-clause 42(d) of the Bill provides that a surveillance warrant is not required in relation to the observation and recording of private activity in the curtilage of private premises provided that the observation is for less than 3 hours in any 24 hour period. Bell Gully questions the appropriateness of this warrant-free period.
The above from a submission on the ‘Search and Surveillance Bill’, an extraordinary bill which seems to extend Police powers across a whole raft of government agencies including, most amusingly, the Meat Industry board. The government seems to be defending this by saying that a) this bill is nothing new and was under development under the previous government, and b) it is not new law, it is merely a codification of existing powers.

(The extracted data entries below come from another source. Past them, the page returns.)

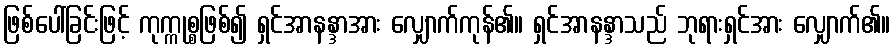
ဖြစ်ပေါ်ခြင်းဖြင့် ကုက္ကုစ္စဖြစ်၍ ရှင်အာနန္ဒာအား လျှောက်ကုန်၏။ ရှင်အာနန္ဒာသည် ဘုရားရှင်အား လျှောက်၏။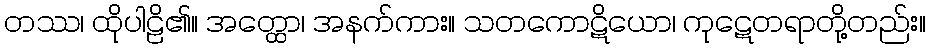
တဿ၊ ထိုပါဠိ၏။ အတ္ထော၊ အနက်ကား။ သတကောဋိယော၊ ကုဋေတရာတို့တည်း။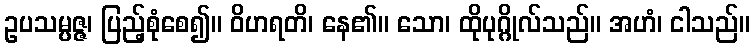
ဥပသမ္ပဇ္ဇ၊ ပြည့်စုံစေ၍။ ဝိဟရတိ၊ နေ၏။ သော၊ ထိုပုဂ္ဂိုလ်သည်။ အဟံ၊ ငါသည်။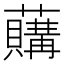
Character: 𧃛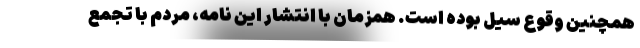
همچنین وقوع سیل بوده است. همزمان با انتشار این نامه، مردم با تجمع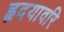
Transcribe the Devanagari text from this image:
हृदयावरि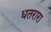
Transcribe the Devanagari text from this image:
धतरारा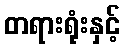
တရားရုံးနှင့်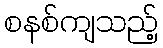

I have no reason to doubt the assumptions of a & b but I see no reason why a & b add up to a compelling reason to be enacting this Bill….rather they’d seem to represent a good argument to do away with existing law and curb some of the powers of some of these government agencies rather than codify them further.
It’s questionable whether even the Police should have some of these powers, but regardless giving these powers to non-police agencies would be even worse:
-non-Police agencies do not have the checks and balances that exist in the Police culture of supervision, training and discipline, which constrain the misuse of surveillance powers. We share these reservations and suggest that the power to obtain surveillance warrants should only be granted where there is sufficient justification and robust supervision and training to minimise misuse. As we set out below, we do not consider that there is justification for extending this power to non-Police agencies.